For me, the book's strength is in its details. While reading the book the details about things like Afghan culture, mission logistics and day-to-day life are what struck me the most. You get the advantage of a variety of viewpoints, but there is little agenda pushing. Instead the majority is simply an interesting read on what it's like to work and fight in Afghanistan.

The format of the book means that there are contributions from 17 authors, each with a unique perspective and a story to tell. In some cases there is no single story per se, but these "running narratives" are typically packed with details. For those who have served in Afghanistan it may be repetitive and too familiar, or it may be an opportunity to reminisce about their time overseas... I can only guess. For me it was very enlightening to read about the simple daily life and routine of Canadians - and Afghans - in Afghanistan.

My final thoughts on the book are that while there will be some repetition for those who have read other books on Afghanistan, there is enough unique content to make it worth a read. At just over $20 the book is a good value.

*Additional Notes*


Official book web site
ISBN 978-0307356260 (0-307-35626-4)
294 Pages
Price: $21.12
Outside the Wire on Amazon.ca


----------



## Mike Baker (6 Apr 2008)

Great review, Mike. Might have to pick this up when I go in St. John's.


Baker


----------



## Franko (9 Apr 2008)

All I can say so far in the book is I had to skip one section based around one doctor.

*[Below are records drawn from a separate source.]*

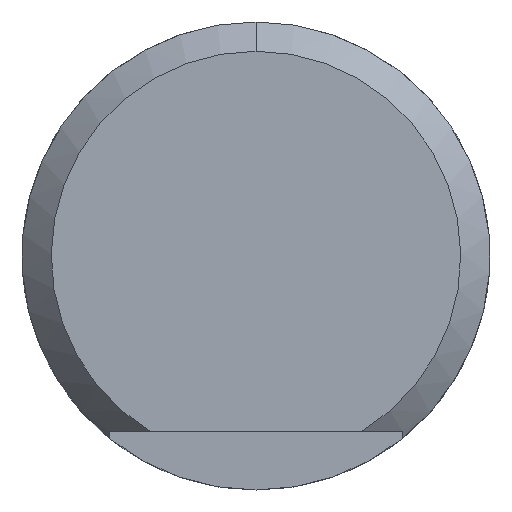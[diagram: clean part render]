
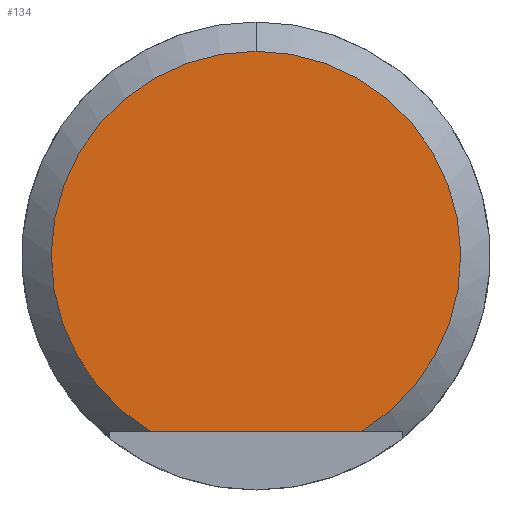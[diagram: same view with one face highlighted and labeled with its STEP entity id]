
A CAD part, front view. The second image highlights one B-rep face of the part: STEP entity #134.
In plain terms, the highlighted planar face has unit normal (0, -1, 0).
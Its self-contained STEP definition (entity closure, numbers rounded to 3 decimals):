
#1 = CARTESIAN_POINT ( 'NONE',  ( 1.803, 0., -3. ) ) ;
#4 = DIRECTION ( 'NONE',  ( 0., 0., 1. ) ) ;
#6 = DIRECTION ( 'NONE',  ( 0., -1., 0. ) ) ;
#37 = CARTESIAN_POINT ( 'NONE',  ( -2.5, 0., -3. ) ) ;
#39 = ORIENTED_EDGE ( 'NONE', *, *, #442, .T. ) ;
#42 = CARTESIAN_POINT ( 'NONE',  ( -1.803, 0., -3. ) ) ;
#48 = DIRECTION ( 'NONE',  ( 0., 0., 1. ) ) ;
#65 = AXIS2_PLACEMENT_3D ( 'NONE', #213, #145, #48 ) ;
#80 = ORIENTED_EDGE ( 'NONE', *, *, #448, .F. ) ;
#128 = CIRCLE ( 'NONE', #187, 3.5 ) ;
#131 = VERTEX_POINT ( 'NONE', #42 ) ;
#134 = ADVANCED_FACE ( 'NONE', ( #469 ), #284, .F. ) ;
#145 = DIRECTION ( 'NONE',  ( 0., 1., 0. ) ) ;
#187 = AXIS2_PLACEMENT_3D ( 'NONE', #444, #211, #4 ) ;
#198 = EDGE_LOOP ( 'NONE', ( #39, #387, #80 ) ) ;
#211 = DIRECTION ( 'NONE',  ( 0., -1., 0. ) ) ;
#212 = CARTESIAN_POINT ( 'NONE',  ( 0., 0., 0. ) ) ;
#213 = CARTESIAN_POINT ( 'NONE',  ( 0., 0., 0. ) ) ;
#214 = VERTEX_POINT ( 'NONE', #392 ) ;
#223 = LINE ( 'NONE', #37, #296 ) ;
#247 = DIRECTION ( 'NONE',  ( -1., 0., 0. ) ) ;
#252 = DIRECTION ( 'NONE',  ( 0., 0., 1. ) ) ;
#264 = AXIS2_PLACEMENT_3D ( 'NONE', #212, #6, #252 ) ;
#284 = PLANE ( 'NONE',  #65 ) ;
#296 = VECTOR ( 'NONE', #247, 1000. ) ;
#306 = CIRCLE ( 'NONE', #264, 3.5 ) ;
#379 = EDGE_CURVE ( 'NONE', #214, #131, #306, .T. ) ;
#387 = ORIENTED_EDGE ( 'NONE', *, *, #379, .T. ) ;
#392 = CARTESIAN_POINT ( 'NONE',  ( 0., 0., 3.5 ) ) ;
#436 = VERTEX_POINT ( 'NONE', #1 ) ;
#442 = EDGE_CURVE ( 'NONE', #436, #214, #128, .T. ) ;
#444 = CARTESIAN_POINT ( 'NONE',  ( 0., 0., 0. ) ) ;
#448 = EDGE_CURVE ( 'NONE', #436, #131, #223, .T. ) ;
#469 = FACE_OUTER_BOUND ( 'NONE', #198, .T. ) ;

Too much pat on the back and hooray me for my liking. Rather pompous IMHO.

Regards


----------



## daftandbarmy (10 Apr 2008)

Recce By Death said:
			
		

> All I can say so far in the book is I had to skip one section based around one doctor.
> 
> Too much pat on the back and hooray me for my liking. Rather pompous IMHO.
> 
> Regards



Ummm... let me guess which of the sections you might be talking about. I HOPE I get it right...    ;D


----------



## Franko (11 Apr 2008)

daftandbarmy said:
			
		

> Ummm... let me guess which of the sections you might be talking about. I HOPE I get it right...    ;D



Nope...the chapter just before that one.       

Regards


----------